▶ [DATA TO EXAMINE]:

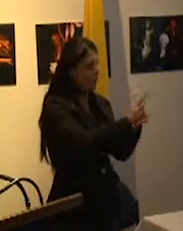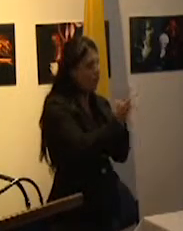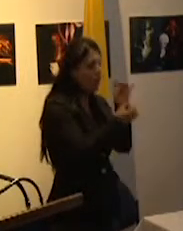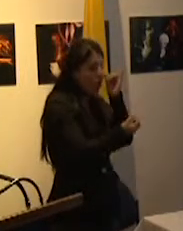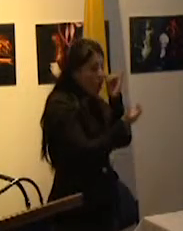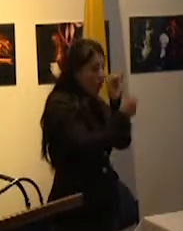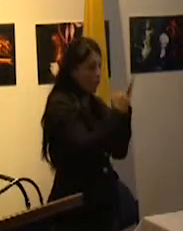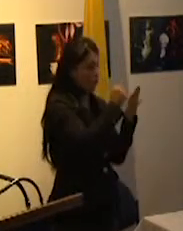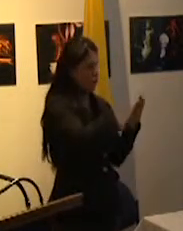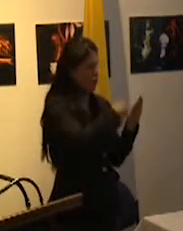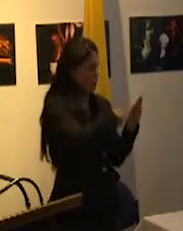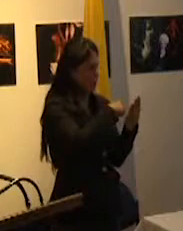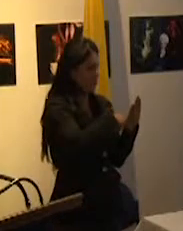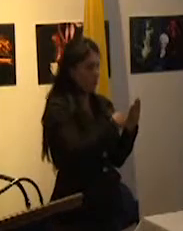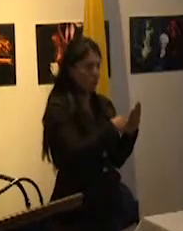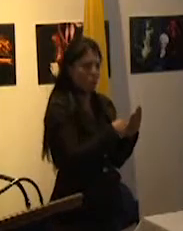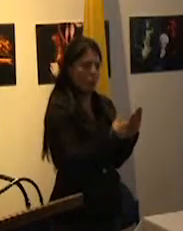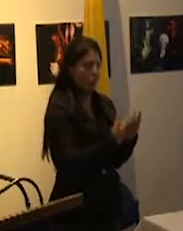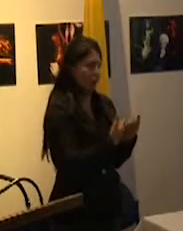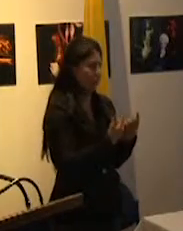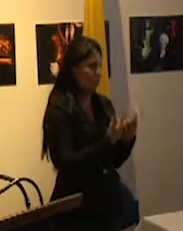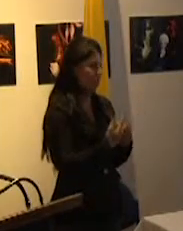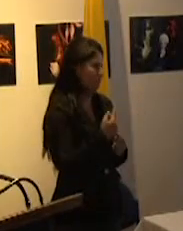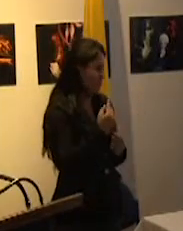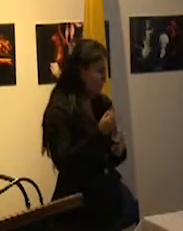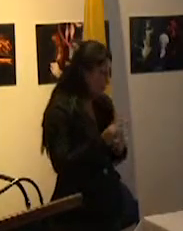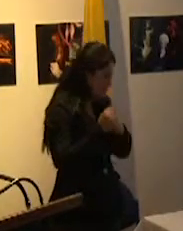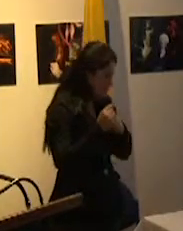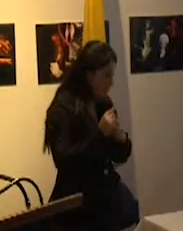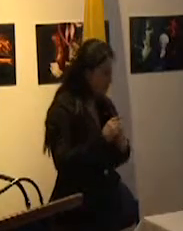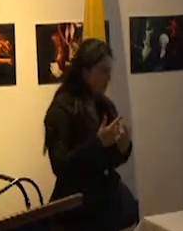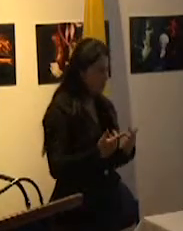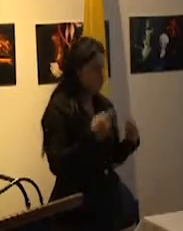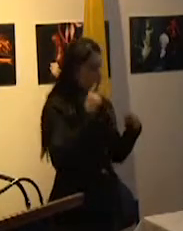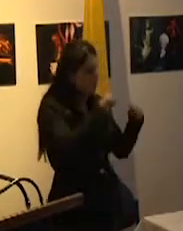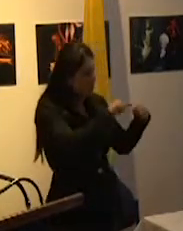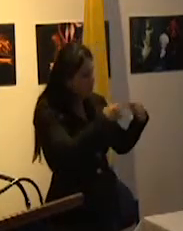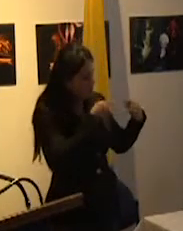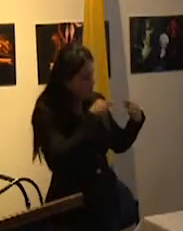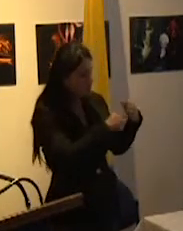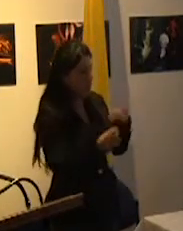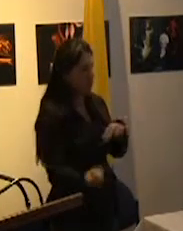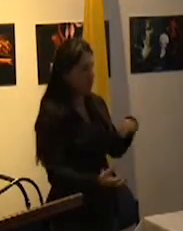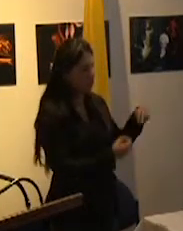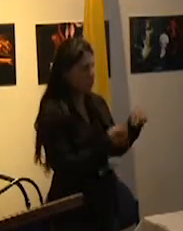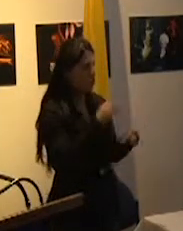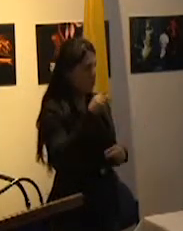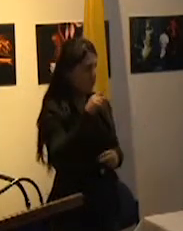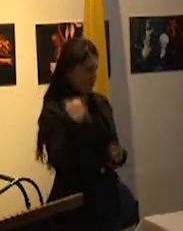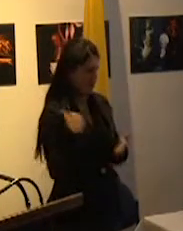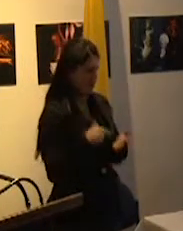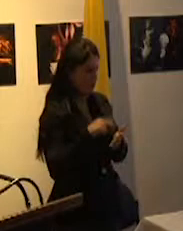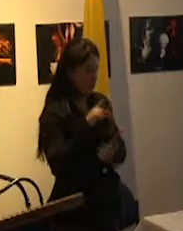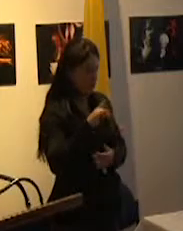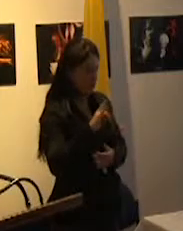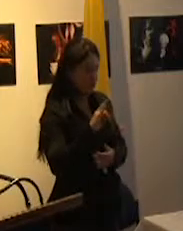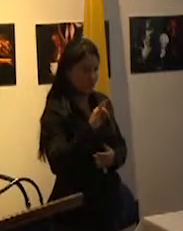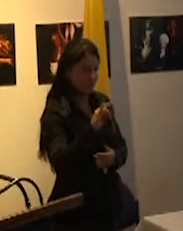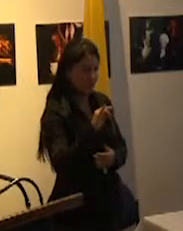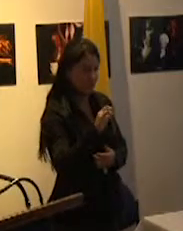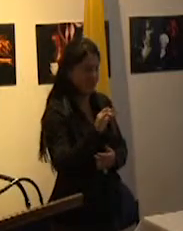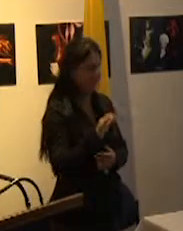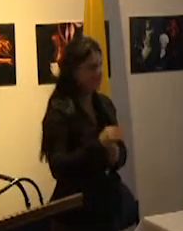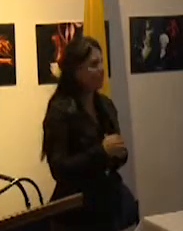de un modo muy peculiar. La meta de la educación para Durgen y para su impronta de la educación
...
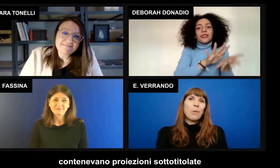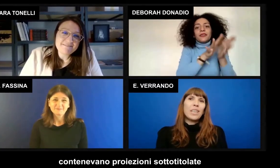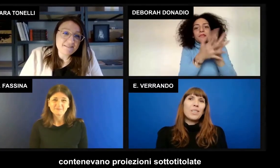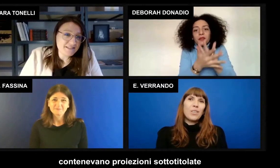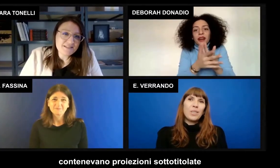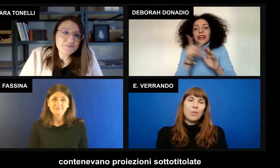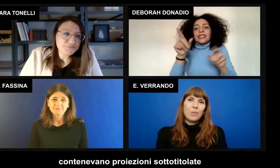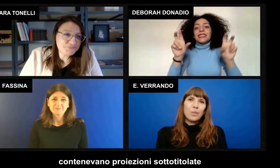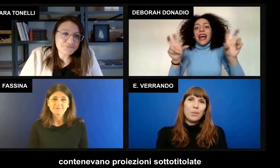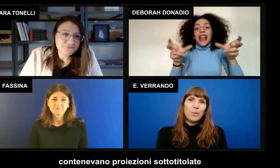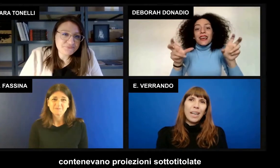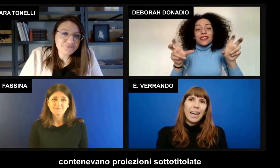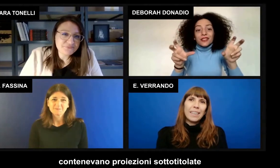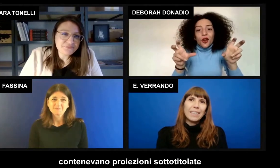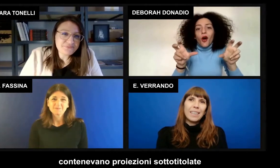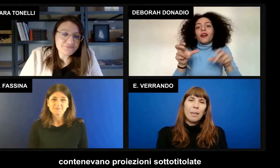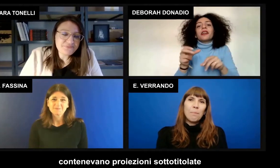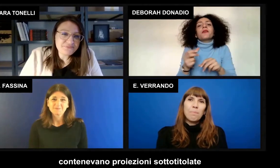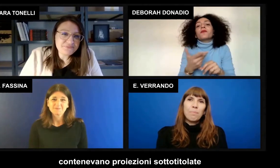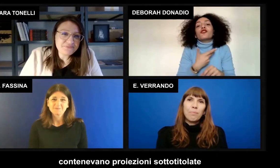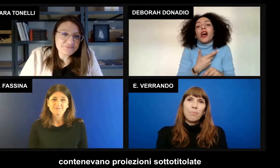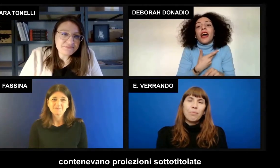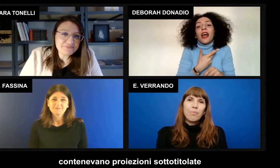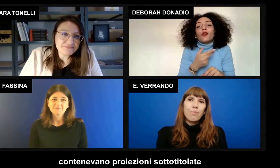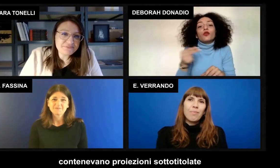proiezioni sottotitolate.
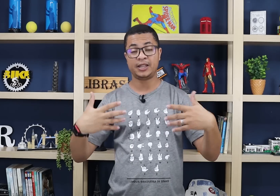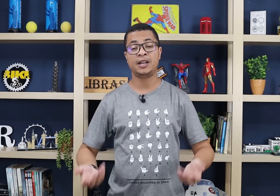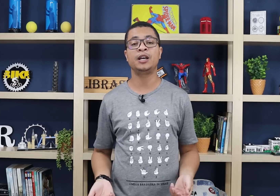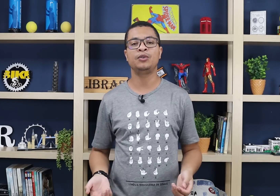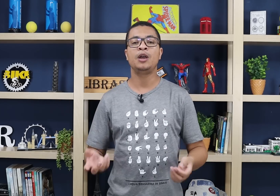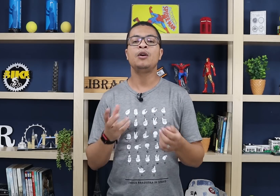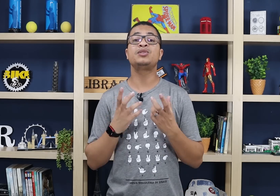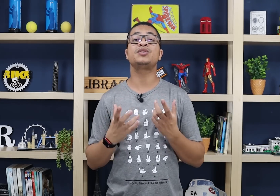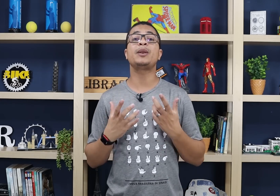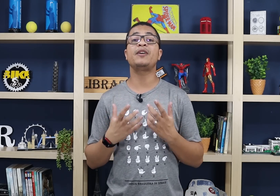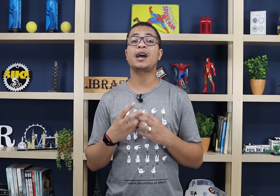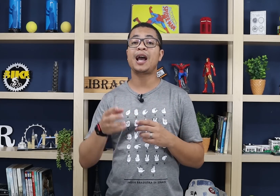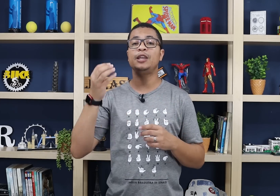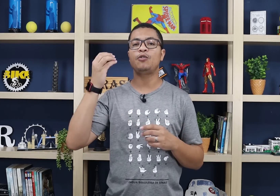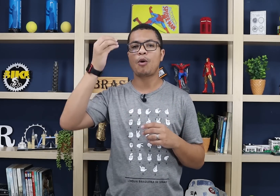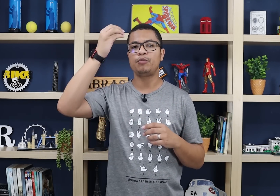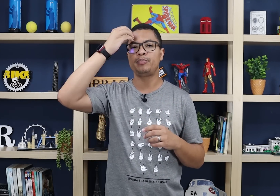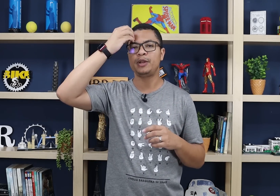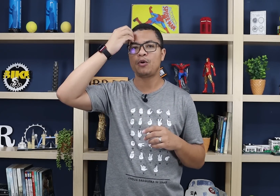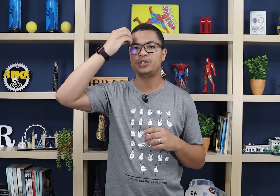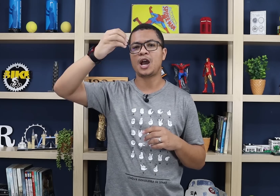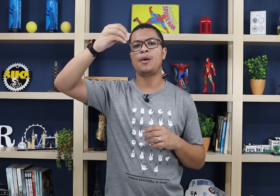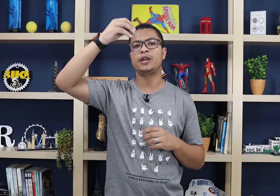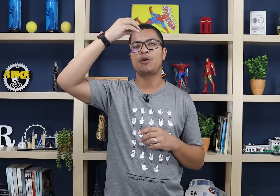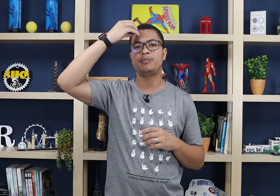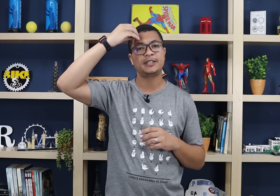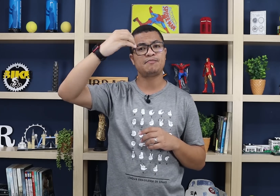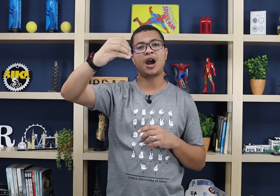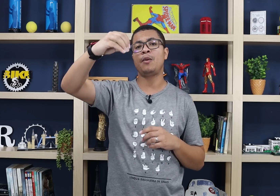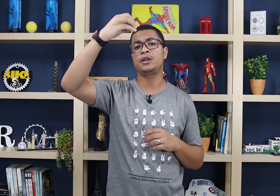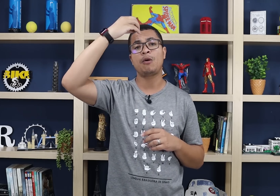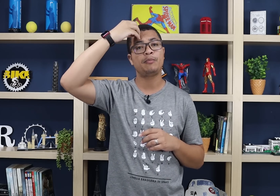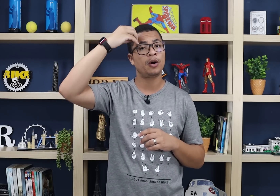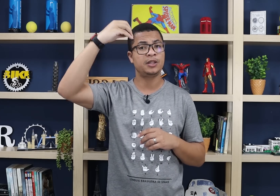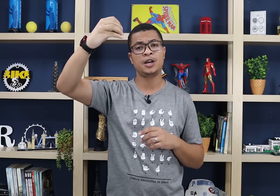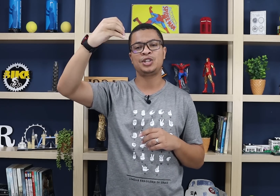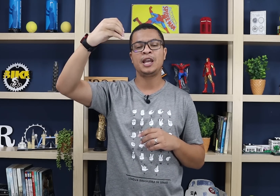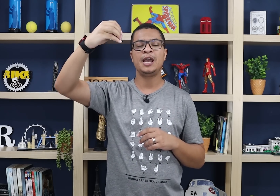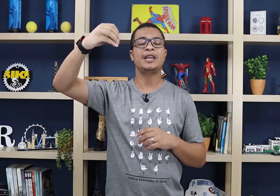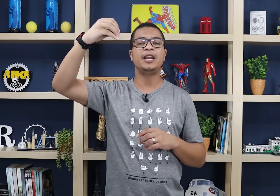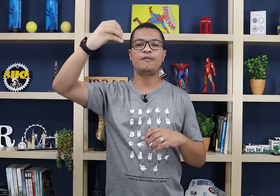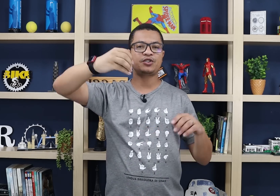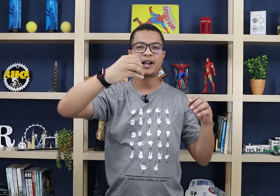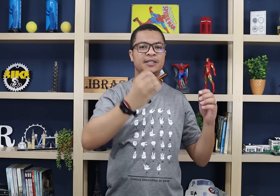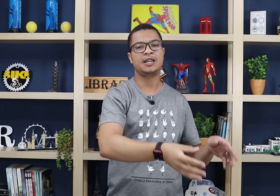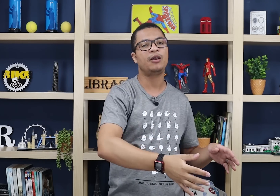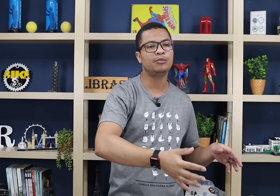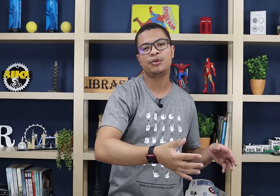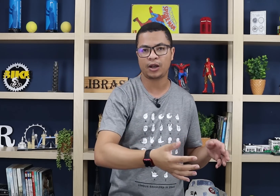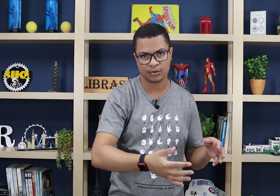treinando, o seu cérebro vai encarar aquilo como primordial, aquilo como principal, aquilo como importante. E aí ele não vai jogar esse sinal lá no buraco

▶ [DIRECTIONS]: Repeat, without pictures, exactly the lines of the data above from the one containing "proiezioni sottotitolate." through the one containing "treinando, o seu", including both and adding nothing.

▶ [OUTPUT FOR THIS TASK]:
proiezioni sottotitolate.
treinando, o seu cérebro vai encarar aquilo como primordial, aquilo como principal, aquilo como importante. E aí ele não vai jogar esse sinal lá no buraco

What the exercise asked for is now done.